Running these experiments on our samples of review articles required thousands of hours of computation on a supercomputing cluster. However, applying the methods to a single set of references (as in “Exploring scientific fields using automated literature review” section), is much less intensive, and does not necessarily require these resources that may not be broadly accessible or scalable to a general audience.

Previous work on automated methods for literature review have tended to use a small number of hand-selected systematic review articles (Belter 2016), or a small number of scientific fields (Silva et al. 2016). The small scale and close qualitative approach can provide a lot of insight, but makes it hard to specify benchmarks to generalize and compare different methods. Our experimental approach, on the other hand, gathers many review papers and applies general techniques, allowing for a much larger pool of labeled data.
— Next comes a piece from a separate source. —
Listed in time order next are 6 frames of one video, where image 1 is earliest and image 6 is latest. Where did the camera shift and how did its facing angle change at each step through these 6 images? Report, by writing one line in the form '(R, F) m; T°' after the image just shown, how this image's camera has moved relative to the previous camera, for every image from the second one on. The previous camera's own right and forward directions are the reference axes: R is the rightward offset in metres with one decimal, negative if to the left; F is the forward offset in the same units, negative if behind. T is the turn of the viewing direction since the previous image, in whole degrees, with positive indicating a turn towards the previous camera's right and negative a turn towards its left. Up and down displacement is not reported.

We found that we were able to identify many of the references of review articles in a variety of research areas. Our methods also missed many references, ranking other articles more highly than the ones in the original reference list. However, it seems that these “incorrect” articles may actually have value: they may be relevant articles that were missed by the review papers’ authors. We found some support for this with the help of domain experts, who found that many of the “misclassified” articles were in fact relevant to the given field. While the precision scores attainable by these methods represent a good goal when making improvements, it is worth noting that in many cases, the failures of the classifiers may actually indicate valuable papers that have been overlooked.
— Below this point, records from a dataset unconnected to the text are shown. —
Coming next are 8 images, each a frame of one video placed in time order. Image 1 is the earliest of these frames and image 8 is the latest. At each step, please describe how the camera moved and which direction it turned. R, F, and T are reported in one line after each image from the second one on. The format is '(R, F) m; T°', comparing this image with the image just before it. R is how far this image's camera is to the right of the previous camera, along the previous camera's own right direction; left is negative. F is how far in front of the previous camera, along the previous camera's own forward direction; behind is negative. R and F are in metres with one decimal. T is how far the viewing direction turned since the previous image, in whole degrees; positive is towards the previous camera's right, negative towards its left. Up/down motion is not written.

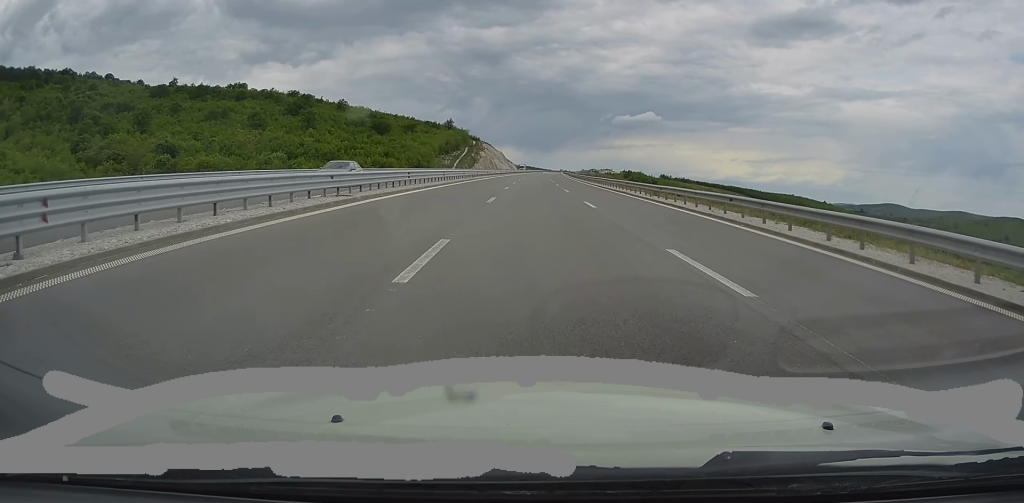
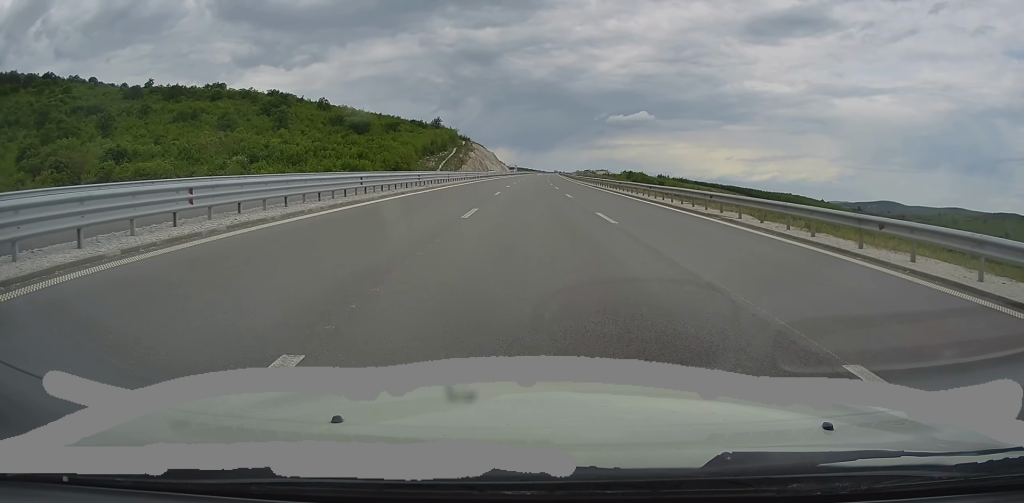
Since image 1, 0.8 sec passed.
(+0.1, +21.9) m; +1°
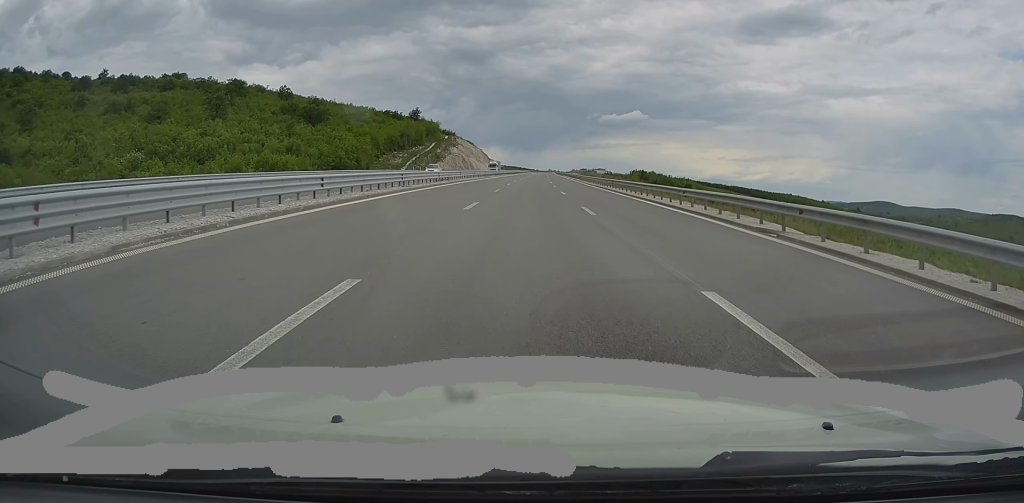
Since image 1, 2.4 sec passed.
(+0.6, +46.0) m; +1°
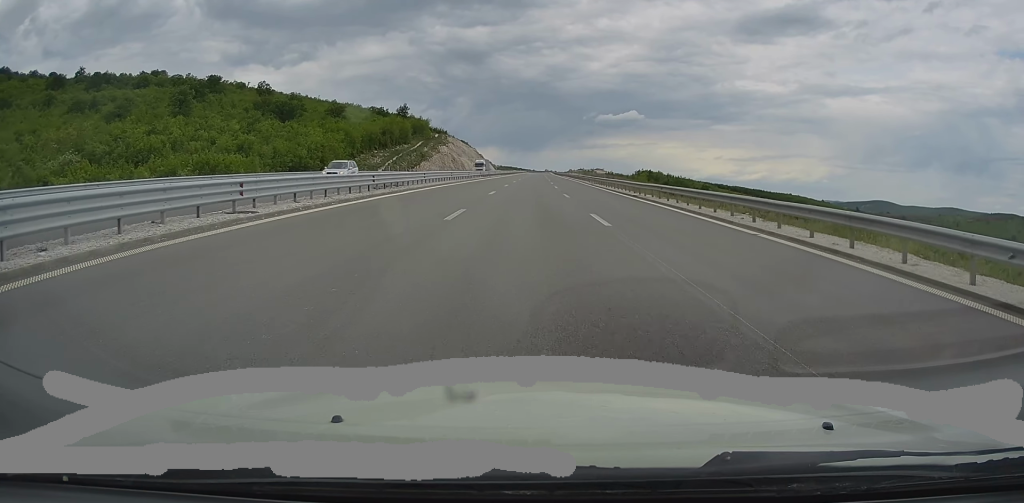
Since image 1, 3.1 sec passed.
(0.0, +21.3) m; 0°
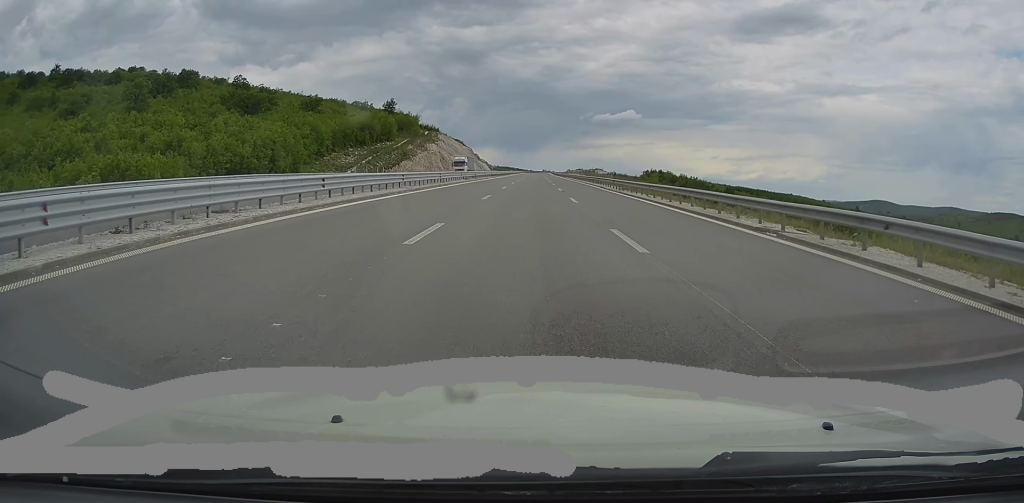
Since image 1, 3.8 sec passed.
(+0.1, +19.4) m; +1°
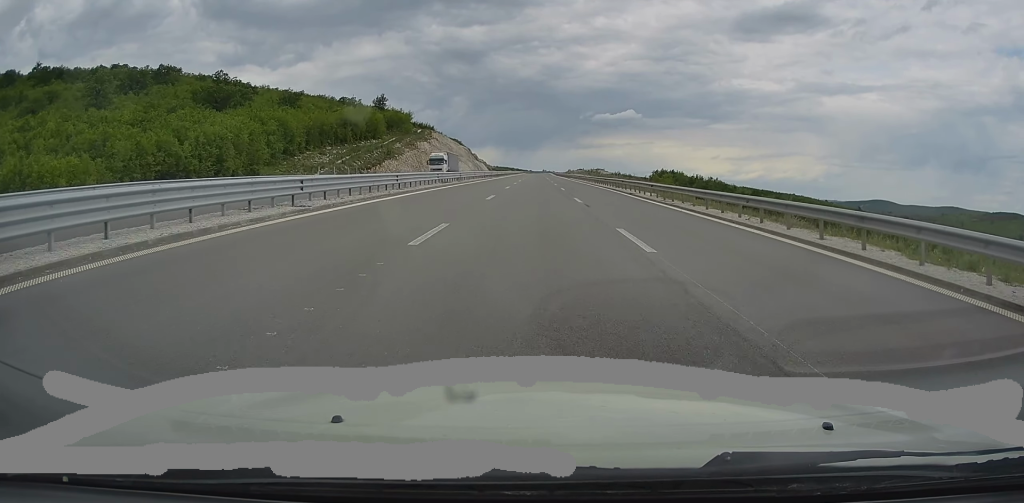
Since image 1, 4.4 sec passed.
(0.0, +14.5) m; 0°
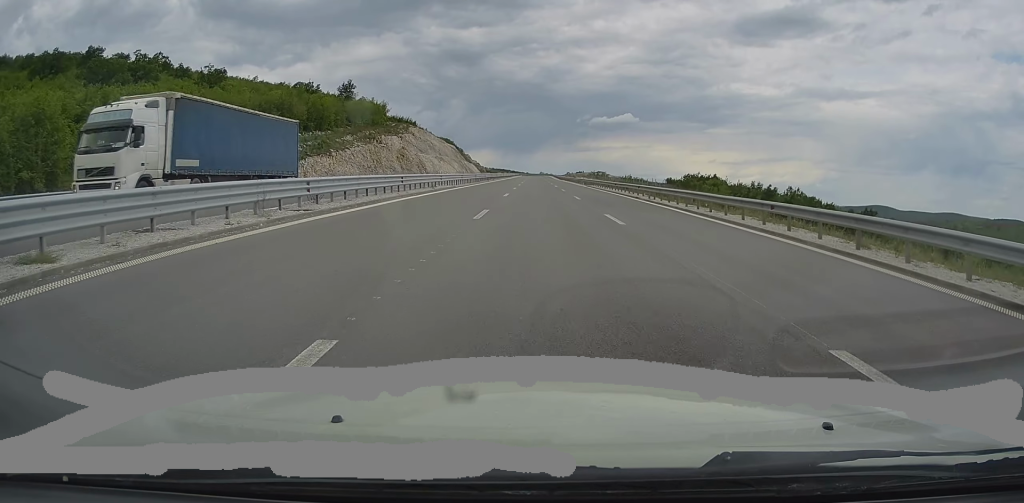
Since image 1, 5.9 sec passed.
(0.0, +38.3) m; 0°
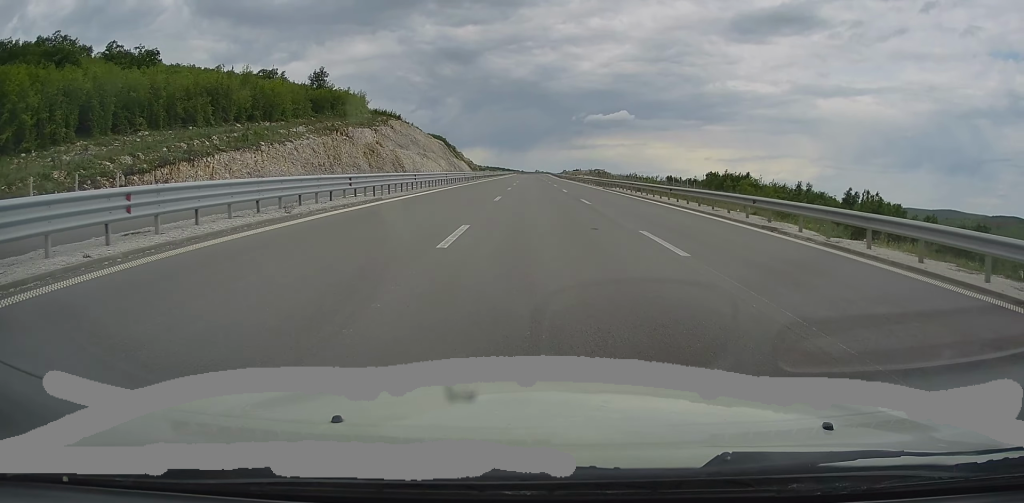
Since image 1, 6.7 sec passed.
(+0.1, +21.7) m; 0°

Furthermore, we see potential in using this framework to develop and evaluate methods for literature survey generation and related problems such as scholarly recommendation and field identification. The objective we propose for our modeling task—accurately finding all of the remaining references from a review paper given a held out sample of seed papers from those references—is not a perfect one. We assume that the references in a review paper represent domain experts’ best attempt to collect the relevant literature in a single research topic; however, there exist several different types of review article (systematic review, meta-analysis, broad literature survey, etc.), and our current method ignores potential nuance between them. Additionally, we assume that every article in a review paper’s bibliography is a relevant article to be included in a field’s survey; in practice, an article can be cited for many different reasons, even within a review article. Despite these limitations, the large amount of available data allows our framework to provide a means of experimenting with and developing methods for automated literature surveys. There are many review articles similar to the ones we used that have their bibliographies available and so it will be possible to do this development and analysis on a large scale across many domains. Using this framework, it will be possible to empirically evaluate novel features for their use in identifying papers relevant to a survey in a given topic.